We need to have an Itty-Bitty Titty Committee mtg somewhere in the range of 5 minutes to ASAP.
Just chased the kids into the backyard with kitchen knives. Best. Babysitters. Ever.
Whenever ur ready we need breakfast and a psychic.
i didnt like the question options for my yahoo account..so i made up the question and it was "favorite bathroom to shit in"
I cant remeber how long i've been laying here...it could be 10 minutes to a fucking day
You were mounting an escalator last night, shouting "I have no health insurance" at people
I am not apologizing for rubbing my balls on your leg...that is a risk you take when you come out to the bar with me
currently wearing a football players overly sized underwear. discovered a shot count on my leg. I'm a tank hahahhh
The problem with never associating with your roommate is that you never know if they're dead in their room with the door closed or just gone for the weekend...I sprayed some febreeze just in case.

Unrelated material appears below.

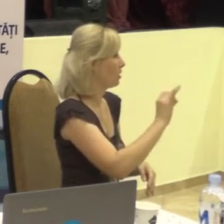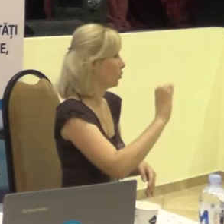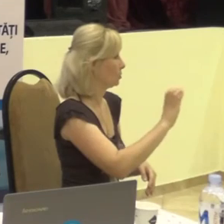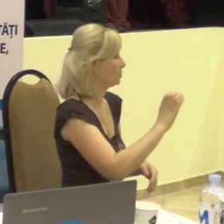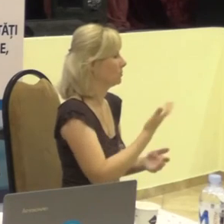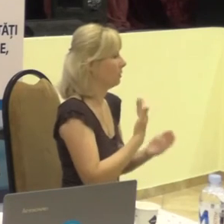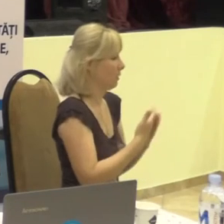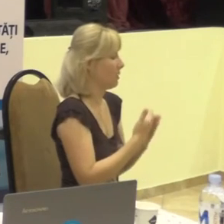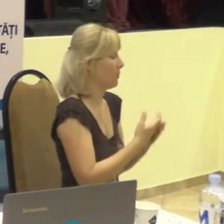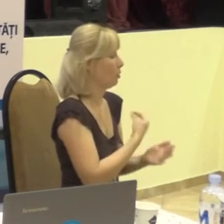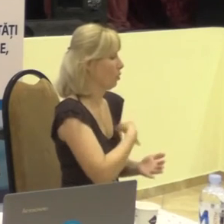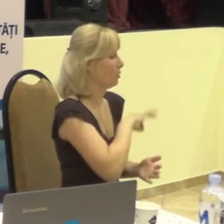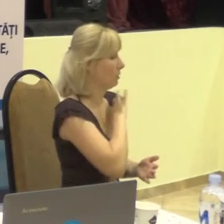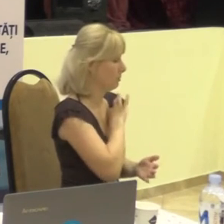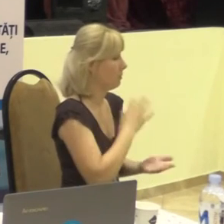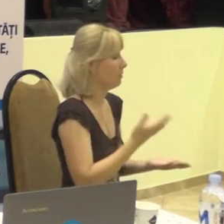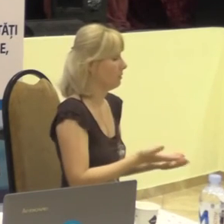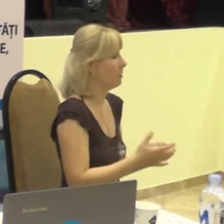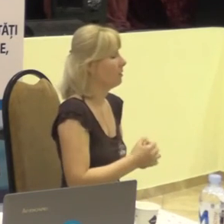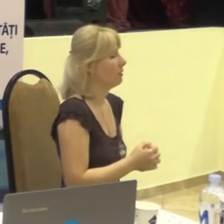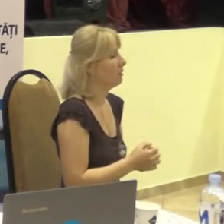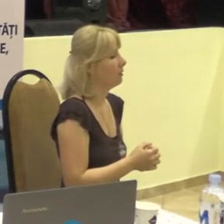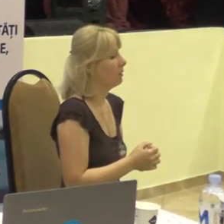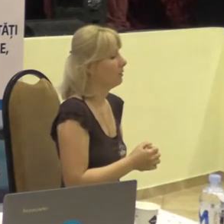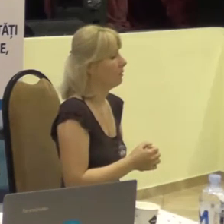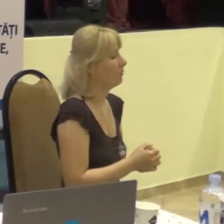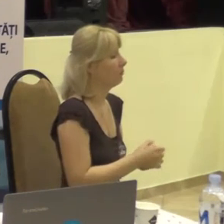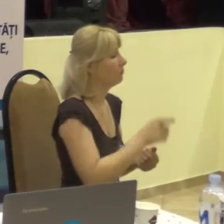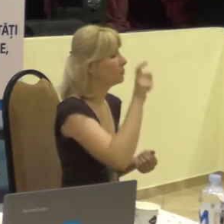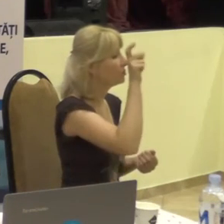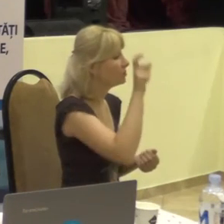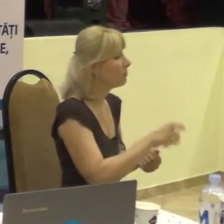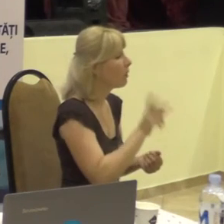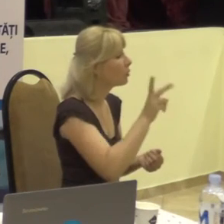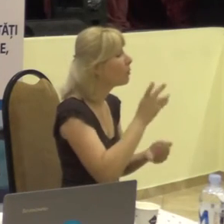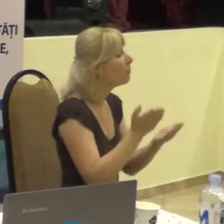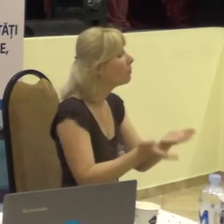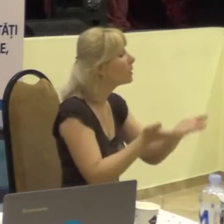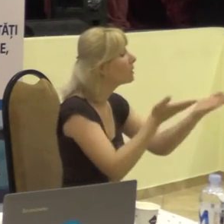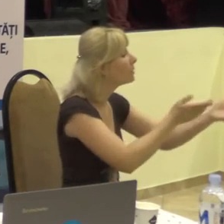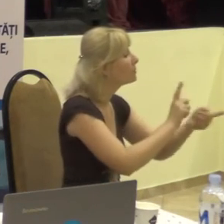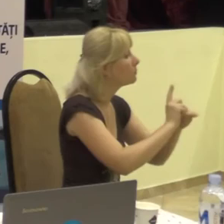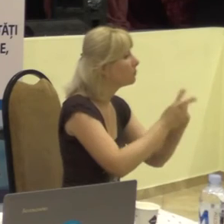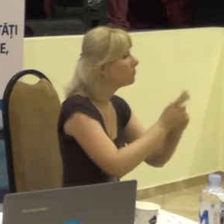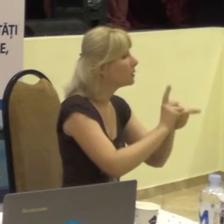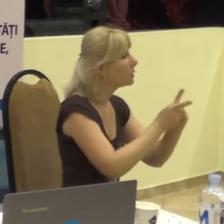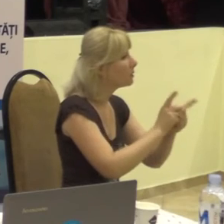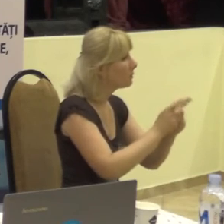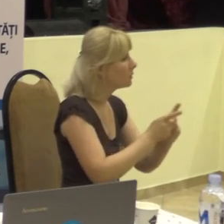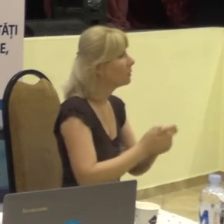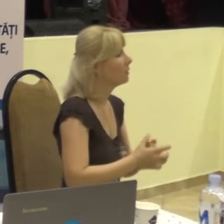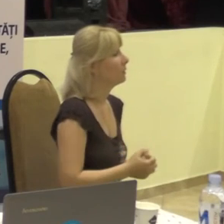mergi vorbă de notar, atunci persoana care a solicitat interpretarea,
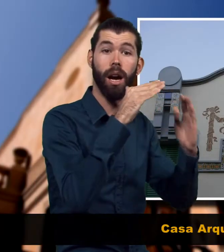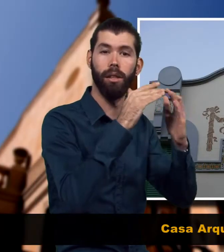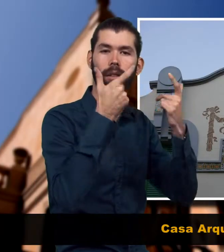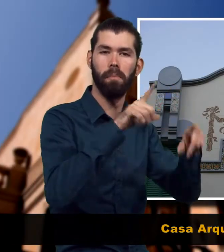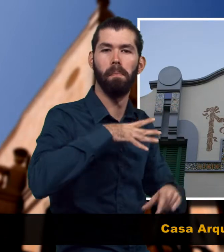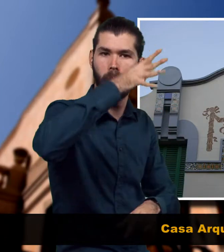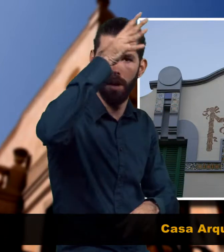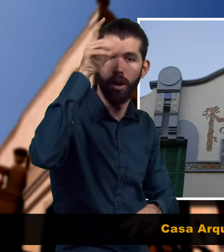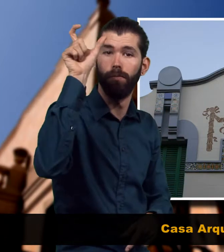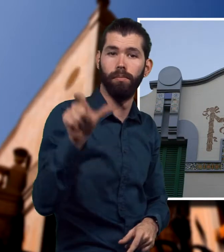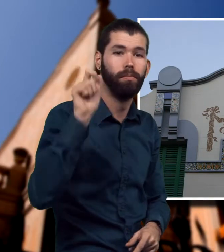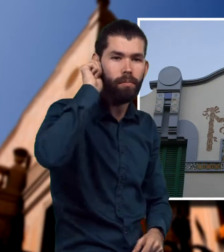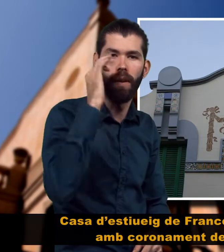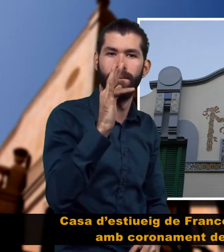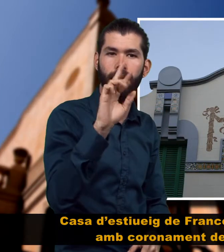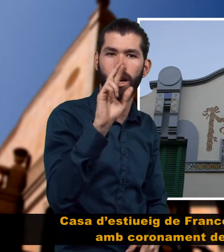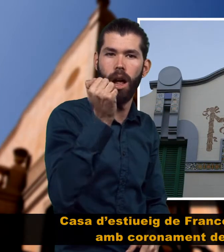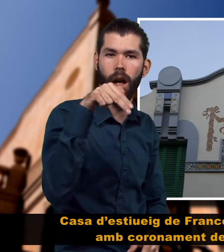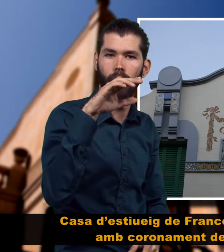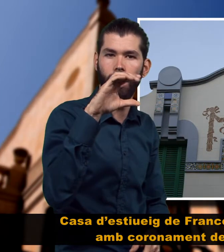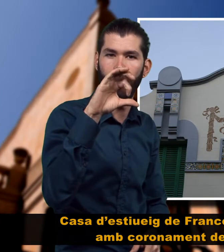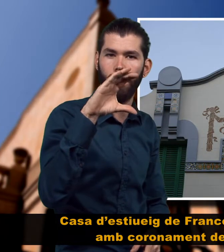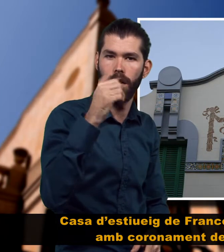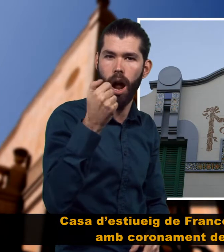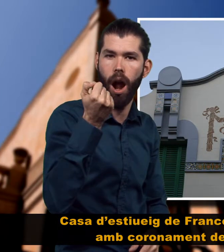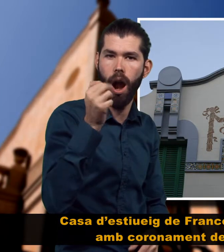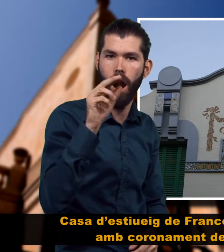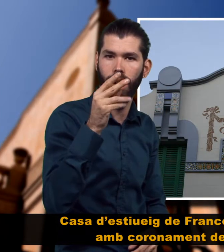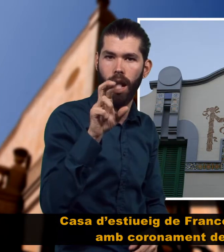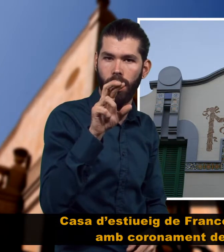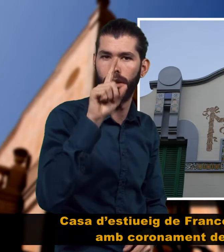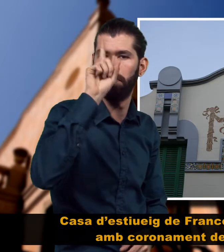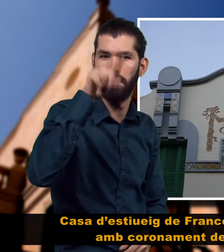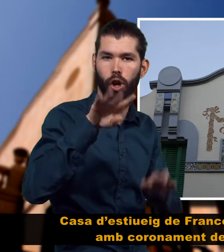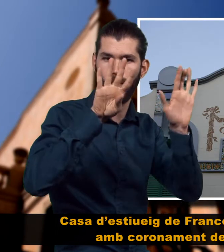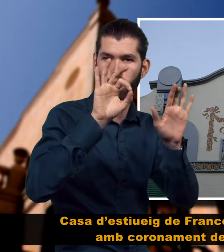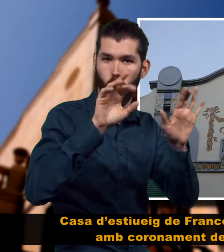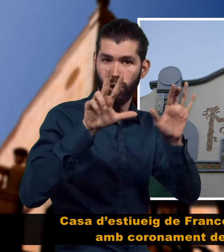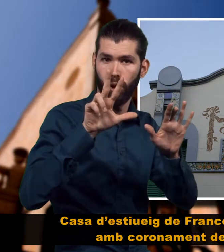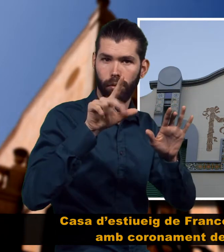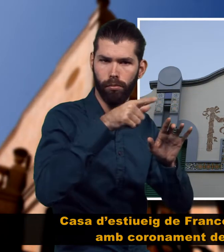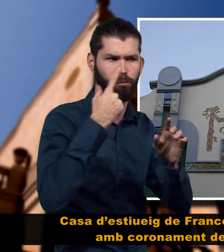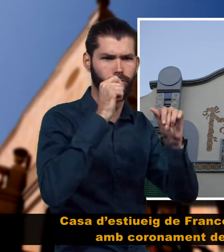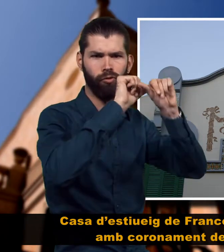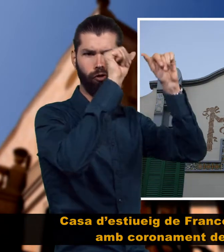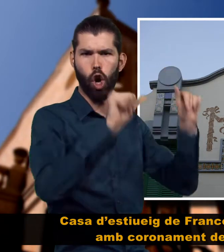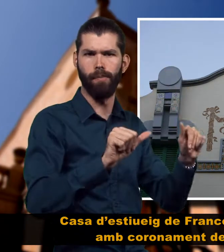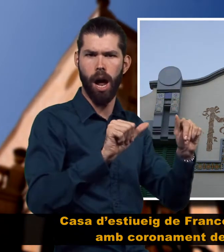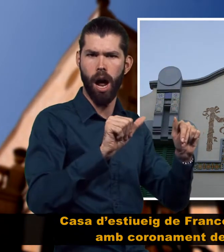Casa Arqué Casa d'estiuets de Francesc Arqué, 1908, amb coronament de perfil sinuós amb dos

Just FYI, I'm breaking up with my boyfriend tonight and you need to be on call to be my first rebound bang
How was the rest of your night?
A little fuzzy and a lot naked.
After I finished inserting the catheter he said he thought my name was familiar. Didn't have the nerve to tell him he was my fifth grade teacher.
Ok here's the state of the situation: We're alone in a strange city with strange people with nothing but alcohol and sprite, I think we're gonna make it.
If we don't rescue him from the fat chick soon, she is going to eat him alive and suck the marrow from his bones.
LESSON OF THE DAY: Saying Everclear gets you out of explaining anything.